::: Records for this exercise
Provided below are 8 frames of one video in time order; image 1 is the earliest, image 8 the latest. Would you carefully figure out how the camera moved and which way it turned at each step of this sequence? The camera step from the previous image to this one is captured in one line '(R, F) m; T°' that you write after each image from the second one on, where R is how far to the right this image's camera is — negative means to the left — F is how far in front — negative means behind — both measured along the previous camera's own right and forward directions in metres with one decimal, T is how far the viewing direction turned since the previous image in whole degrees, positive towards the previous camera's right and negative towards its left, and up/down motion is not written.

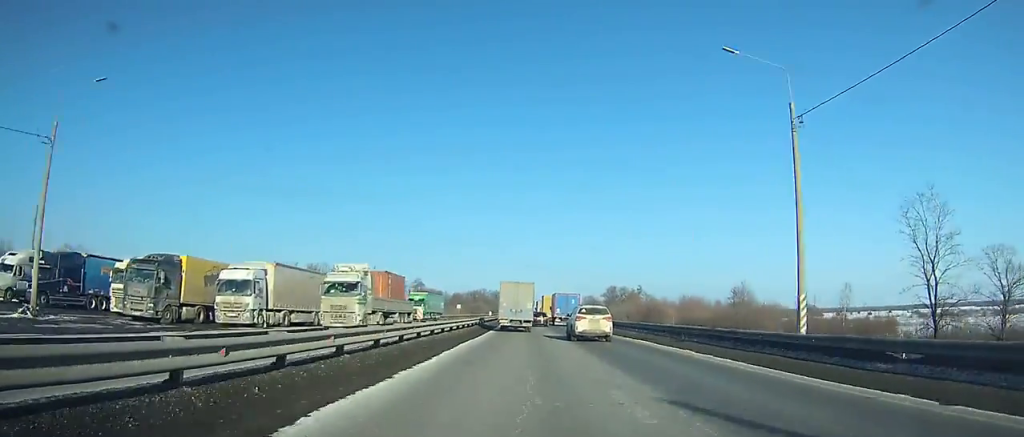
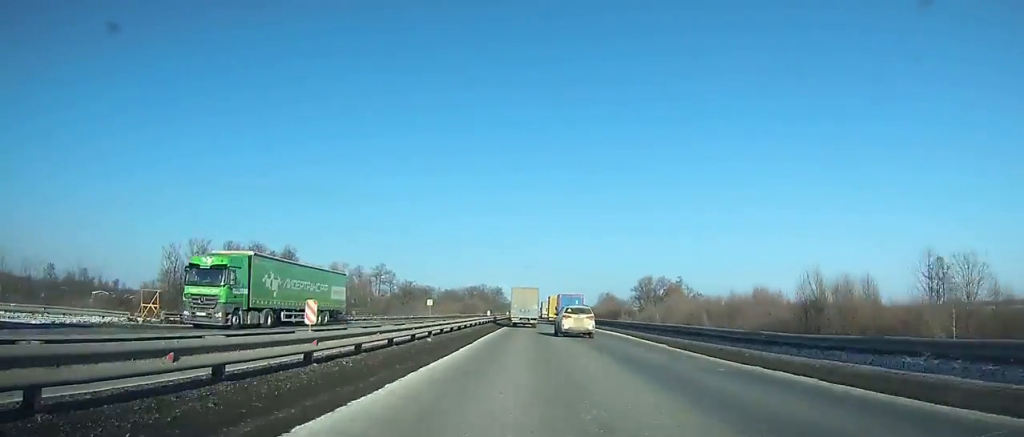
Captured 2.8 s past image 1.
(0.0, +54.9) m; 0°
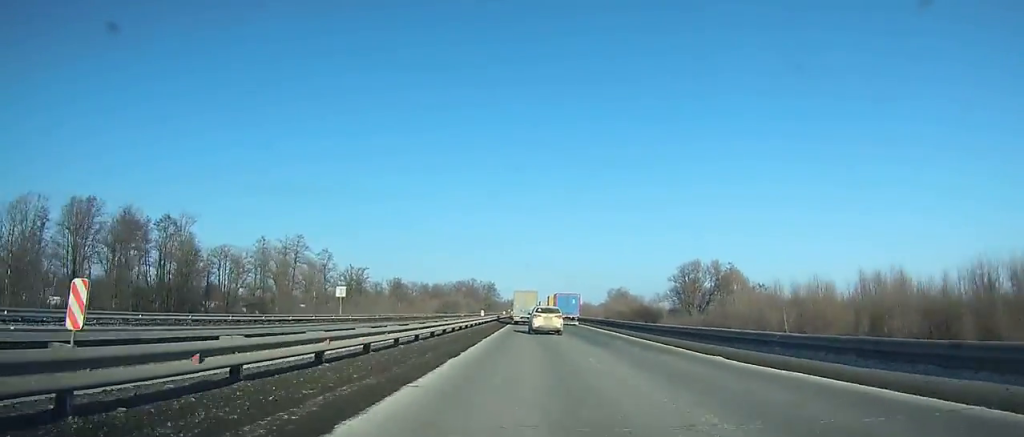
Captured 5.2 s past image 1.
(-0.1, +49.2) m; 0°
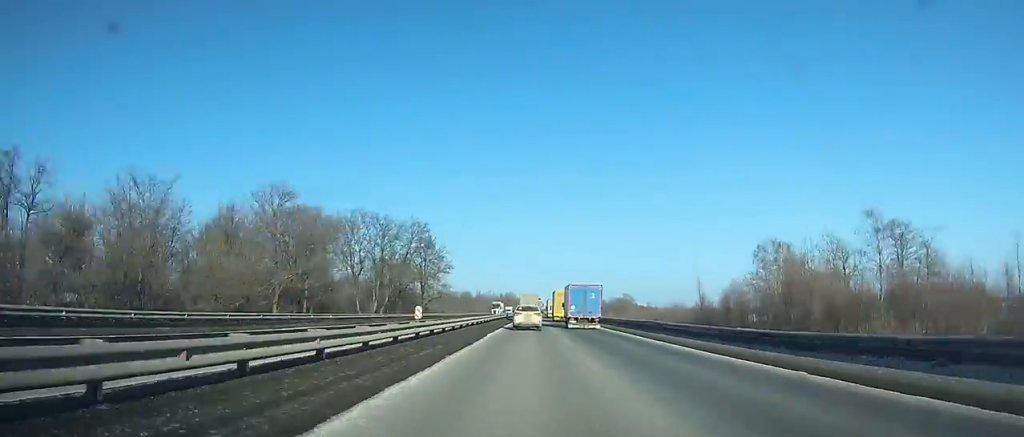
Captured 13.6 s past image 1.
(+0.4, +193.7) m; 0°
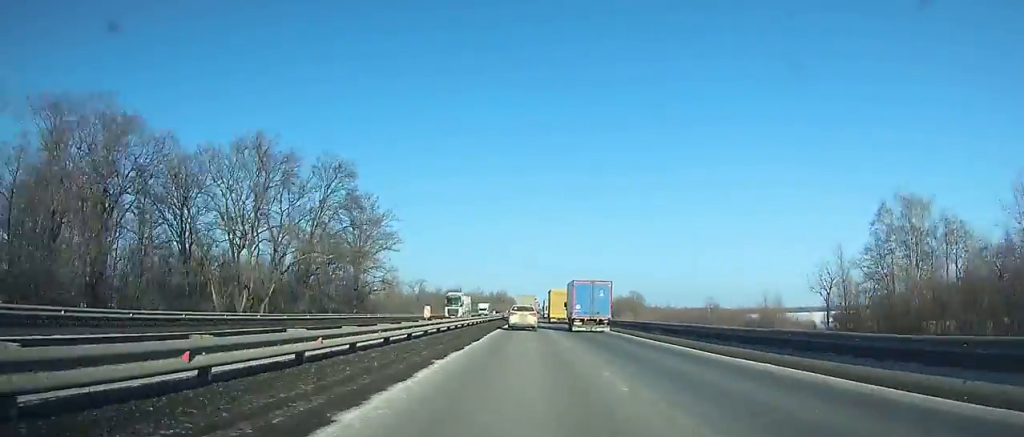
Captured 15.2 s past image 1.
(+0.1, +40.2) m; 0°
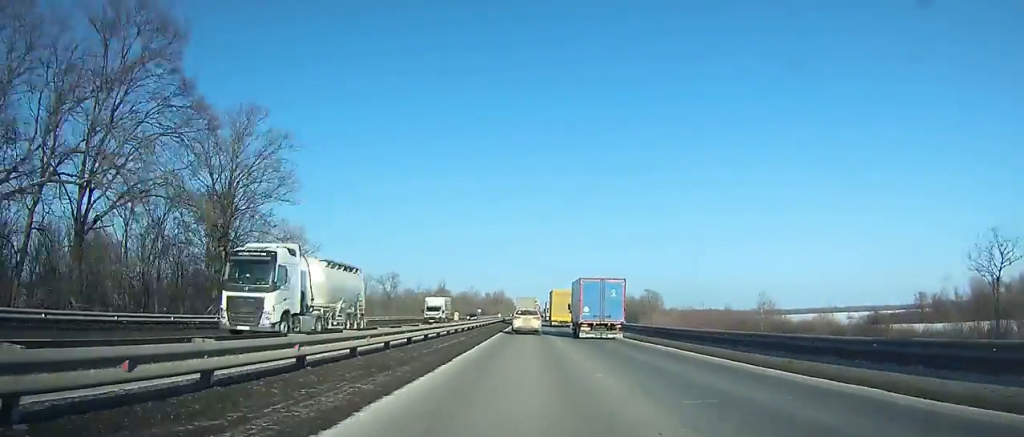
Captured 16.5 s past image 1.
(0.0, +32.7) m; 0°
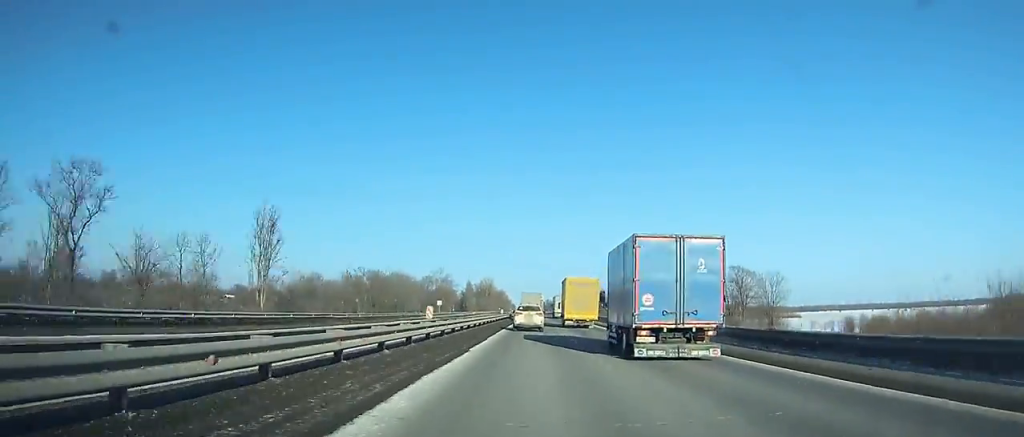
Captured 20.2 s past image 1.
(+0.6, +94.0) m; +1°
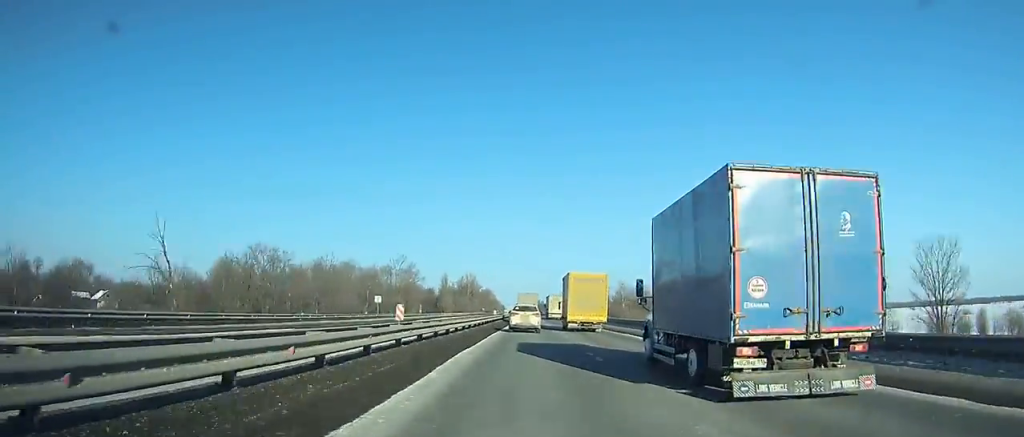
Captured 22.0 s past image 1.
::::::
From the line that contains "Captured 5.2 s past image 1." down to the last line of the entries above, copy every line exactly and leave out the pictures.

Captured 5.2 s past image 1.
(-0.1, +49.2) m; 0°
Captured 13.6 s past image 1.
(+0.4, +193.7) m; 0°
Captured 15.2 s past image 1.
(+0.1, +40.2) m; 0°
Captured 16.5 s past image 1.
(0.0, +32.7) m; 0°
Captured 20.2 s past image 1.
(+0.6, +94.0) m; +1°
Captured 22.0 s past image 1.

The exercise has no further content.